Riyadh Newspaper | WHO: Oral diseases affect nearly half of humanity

WHO: Oral diseases affect nearly half of humanity

The World Health Organization announced in a report released Thursday that nearly half of the world’s population suffers from oral diseases, including rotting teeth, swollen gums and oral cancer.

The new report highlights stark inequalities in access to oral health services, noting that this situation has severely affected the most vulnerable and disadvantaged population groups.

“Oral health has long been neglected in global health (policy),” said WHO chief Tedros Adhanom Ghebreyesus, noting that “many oral diseases are preventable and treatable with affordable measures.”

The United Nations health agency concluded that 45% of the world’s population, or about 3.5 billion people, suffer from tooth decay, gum disease and other oral diseases.

The report, which provides the first comprehensive picture of the situation in 194 countries, showed that global cases have increased by a billion over the past three decades.

The World Health Organization said this was a “clear indication that many people lack access to prevention and treatment of oral diseases”.

The most common diseases in this area are dental caries, acute periodontal disease, tooth loss and oral cancer.

Untreated tooth decay is the most common problem, affecting an estimated 2.5 billion people worldwide.

Severe periodontal disease, which is a leading cause of total tooth loss, is also estimated to affect around one billion people.

The World Health Organization has said that nearly 380,000 new cases of oral cancers are diagnosed each year.

The report found that three-quarters of people with oral diseases live in low- and middle-income countries.

In all countries, low-income people, people with disabilities, older adults living alone or in nursing homes, and those living in remote and rural communities, or minority groups, bear a higher burden of oral disease, it has WHO added.

The World Health Organization said these patterns are the same as for other non-communicable diseases such as cancer, cardiovascular disease and diabetes.

Risk factors are also similar and include, in particular, excessive sugar intake, tobacco smoking and alcohol intake.

The report, released on Thursday, highlights the barriers to providing adequate oral health services, including dental visits, which often come with high costs.

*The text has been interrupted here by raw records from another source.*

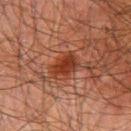* biopsy status: total-body-photography surveillance lesion; no biopsy
* body site: the chest
* size: ≈3.5 mm
* acquisition: total-body-photography crop, ~15 mm field of view
* subject: male, aged approximately 60
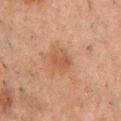Imaged during a routine full-body skin examination; the lesion was not biopsied and no histopathology is available.
Longest diameter approximately 2.5 mm.
The lesion-visualizer software estimated a normalized lesion–skin contrast near 5.5. And it measured an automated nevus-likeness rating near 5 out of 100 and a detector confidence of about 100 out of 100 that the crop contains a lesion.
A male subject aged 48 to 52.
Located on the chest.
A 15 mm close-up extracted from a 3D total-body photography capture.
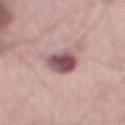No biopsy was performed on this lesion — it was imaged during a full skin examination and was not determined to be concerning. The lesion is located on the mid back. Approximately 4 mm at its widest. This is a white-light tile. A male subject approximately 65 years of age. Cropped from a whole-body photographic skin survey; the tile spans about 15 mm.

The World Health Organization said this could lead to “catastrophic costs and a significant financial burden on families and societies”.

Meanwhile, reliance on specialized service providers and high-tech equipment makes these services inaccessible to many.

Due to lack of information and monitoring, many people spend a long time seeking or receiving treatment.

The World Health Organization has presented a long list of proposals to address the problem, including calling on countries to include oral health services in their primary health care systems.